# Viewing Trending Videos Database

In this notebook we take a look at the database we created, which contains several metrics on trending videos of YouTube.

The database is automatically updated every day by inserting 50 new rows, the maximum number of videos supplied in the YouTube API trending videos list. We use Amazon Lambda with Amazon EventBridge Scheduler to invoke a python function every day. The Lambda function utilizes YouTube API to get the trending videos list, and retrieve several metrics of the videos in the list. The data is written in a PostgreSQL database in Amazon RDS.

The python script utilized in the Lambda function to collect data is contained as a separate file in this folder.
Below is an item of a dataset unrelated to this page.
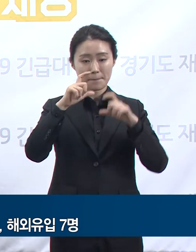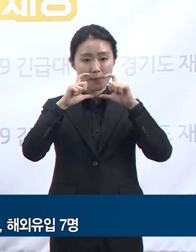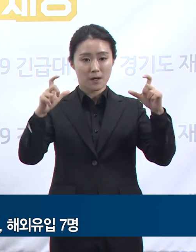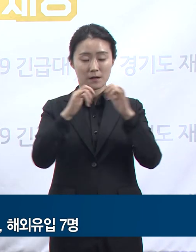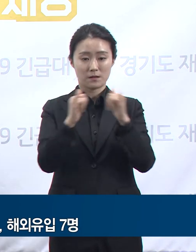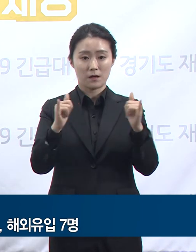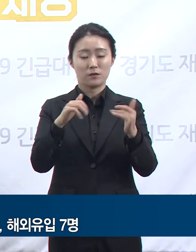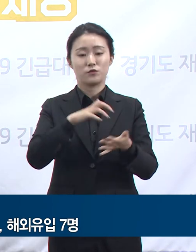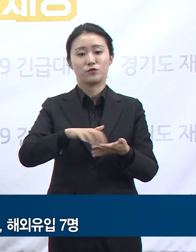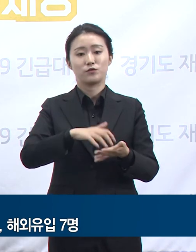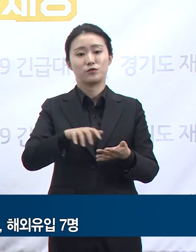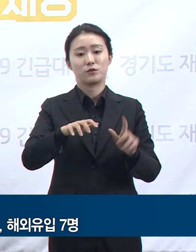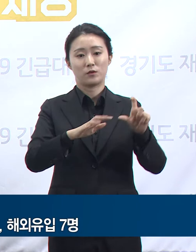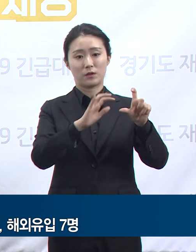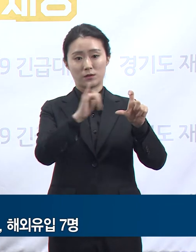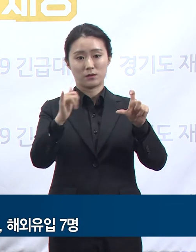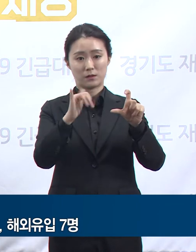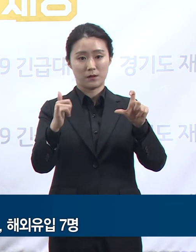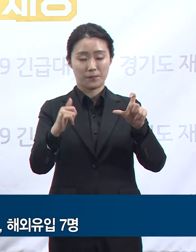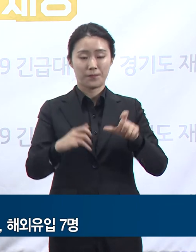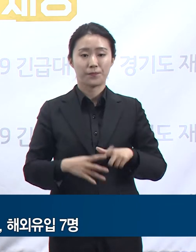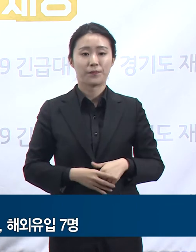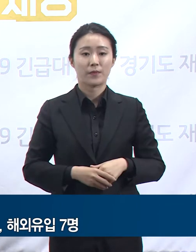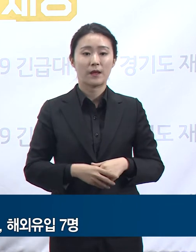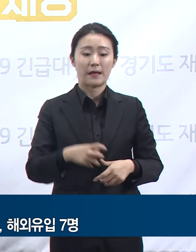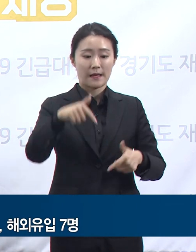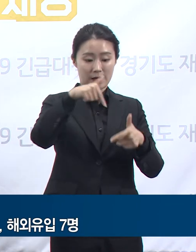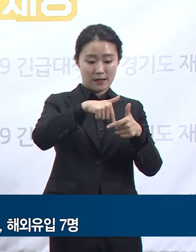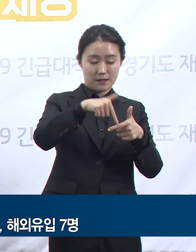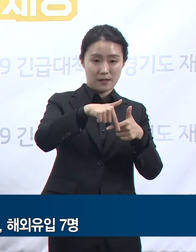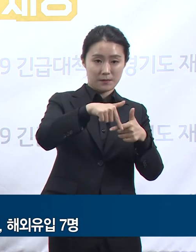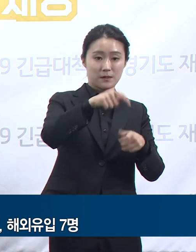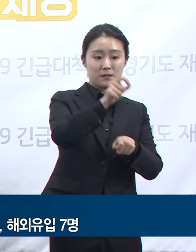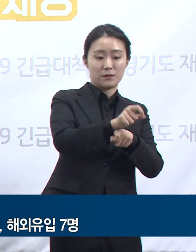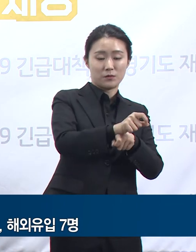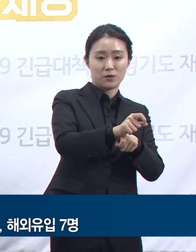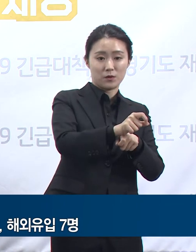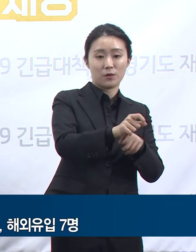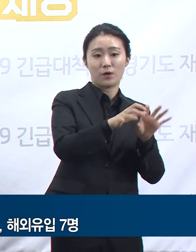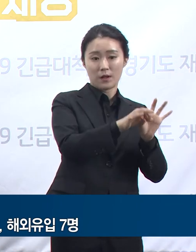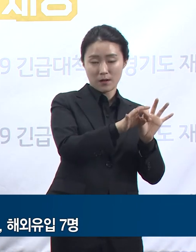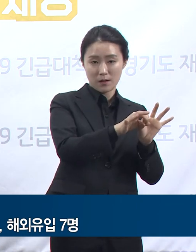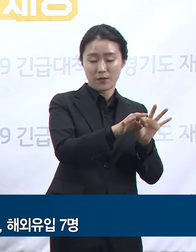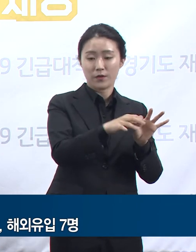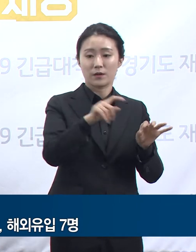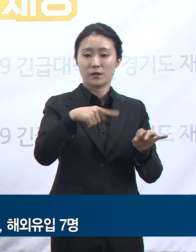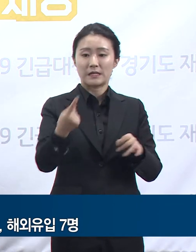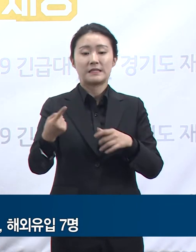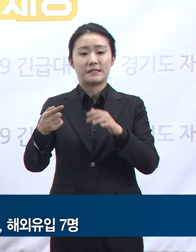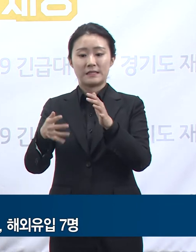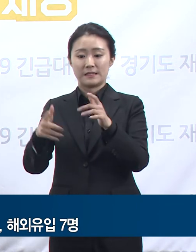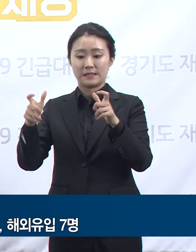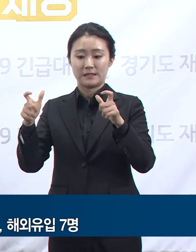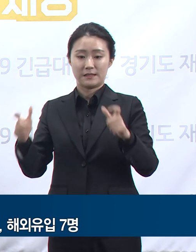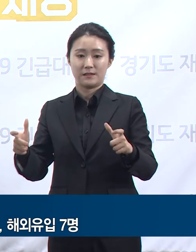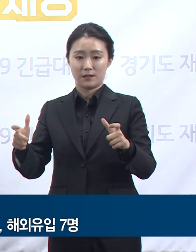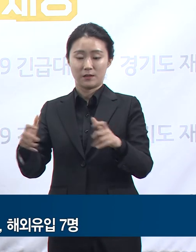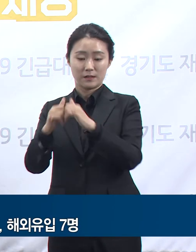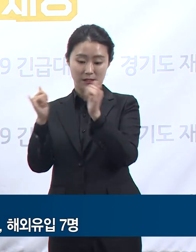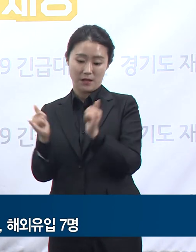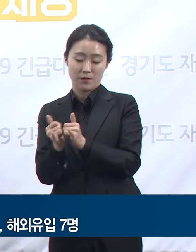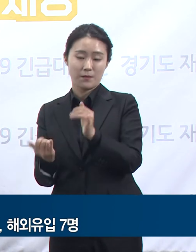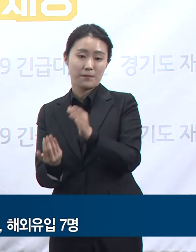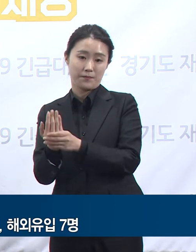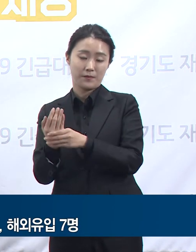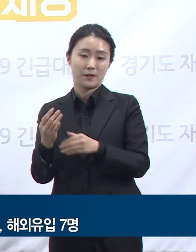관련 5명, 지역사회 발생 3명, 해외 유입 7명입니다. 먼저 서울 강남 사무실 관련 확진 상황입니다.

The goal of this project is to eventually analyze trending videos after collecting data for a few months.

In [1]:
import pandas as pd
from sqlalchemy import create_engine
from configparser import ConfigParser

In [2]:
# Load configuration from file
config = ConfigParser()
config.read('config.ini')

# PostgreSQL database configuration
host = config.get('database', 'host')
user = config.get('database', 'user')
password = config.get('database', 'password')
database = config.get('database', 'database')
port = 5432

In [3]:
# Construct the database URL
db_url = f"postgresql://{user}:{password}@{host}:{port}/{database}"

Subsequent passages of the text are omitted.